AppleApple expressed happiness about her relatively unstructured summer. I know there’s debate about sending kids to school year-round, but here in Canada, that makes no sense to me. Summer is barely here before it’s gone. Imagine kids being in school right now — indoors! — while there are raspberries to pick, and outdoor pools to swim in, and long late evenings to stay outside kicking a soccer ball around. For them, and for us, we need to grab what we can of summer, soak it up, go all out.
It’s like storing solar energy — heat for the long dark winter.
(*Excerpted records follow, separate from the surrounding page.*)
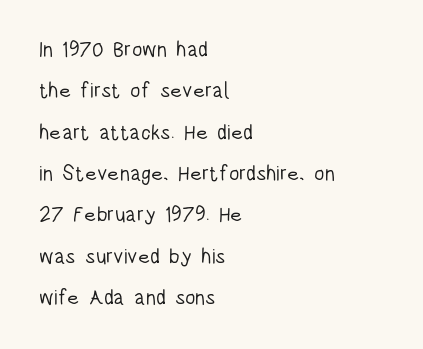
Q: Is the text bold? A: No.
Q: Is the text italic (slanted)? A: No, it is upright.
Q: Is the text underlined? A: No.
Q: How is the paragraph aligned? A: Left-aligned.
Q: Is the spacing between letters normal or unusually wide? A: Normal.
Q: Is the spacing between lines tight, normal or loose? A: Loose.
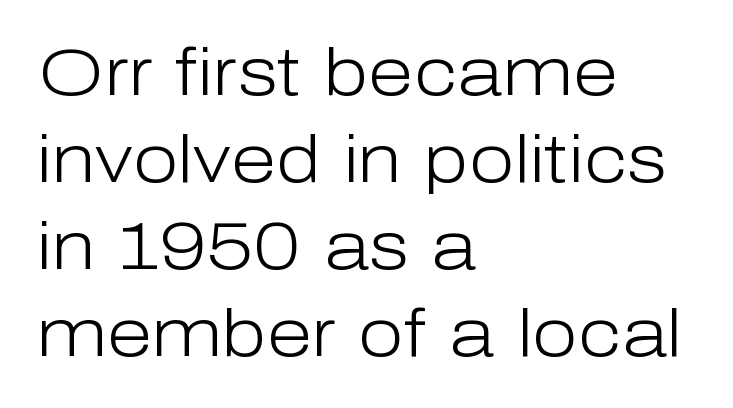
The image shows 66 px light sans-serif type, upright; set left-aligned, normal line spacing (1.32x), normal letter spacing, not underlined; low stroke contrast and a medium x-height.
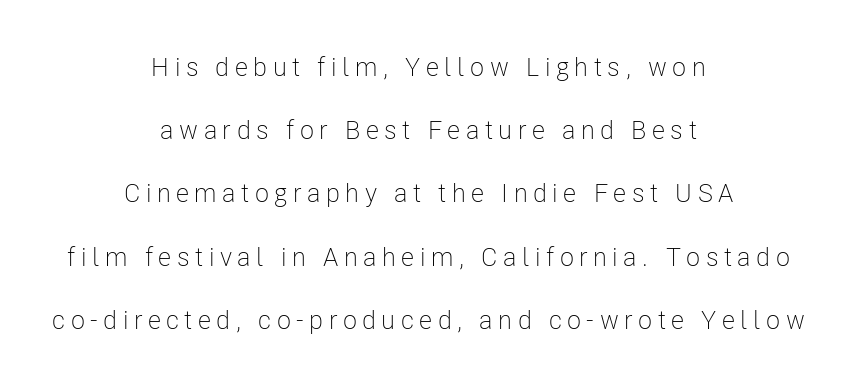
The image shows 26 px text type, upright; set centered, loose line spacing (2.43x), unusually wide letter spacing (+0.21 em), not underlined.

this is not a picture of me in my bikini
Agh! I want to blog! But I have about six minutes remaining in my work day. I can’t quite describe how busy it’s been, nor how lovely, too. We’re a week and a half into summer holidays, and we’ve hit a nice groove this week. I’ve got great daytime babysitting arranged. The kids are getting outside often, and doing fun projects with their sitters like cooking and making paper airplanes and blowing bubbles. Today, Albus went swimming in a friend’s backyard. AppleApple’s been going to daily swim lessons at a beautiful outdoor 50m pool, and I’ve gotten to bike her there all week — and then lane swim during her lesson.
Which leads me to the bikini. Today, I went for my lane swim in a new sporty bikini. It’s small. It exposes my mother-of-four stomach. And I love wearing it. Why? It expresses confidence. It’s a semiotic for where I’m at. I exercise regularly, not because I want to look good, but because it makes me feel good. And I do feel good in this body. Wrinkles, stretch marks — yup. Got ’em. Muscles — yup. Got ’em too. So be it. I am thirty-seven years old.
Occasionally, I find myself regretting that I didn’t discover my latent athletic self earlier. But you know, mostly I’m simply grateful to have discovered that part of myself, period. Regret of this sort is foolish. So I didn’t play soccer as a kid. I’m playing it now and learning new skills. So it took me thirty-five years before I learned how to swim. I learned and I love swimming! That’s the point, not that I’ve missed opportunities along the way.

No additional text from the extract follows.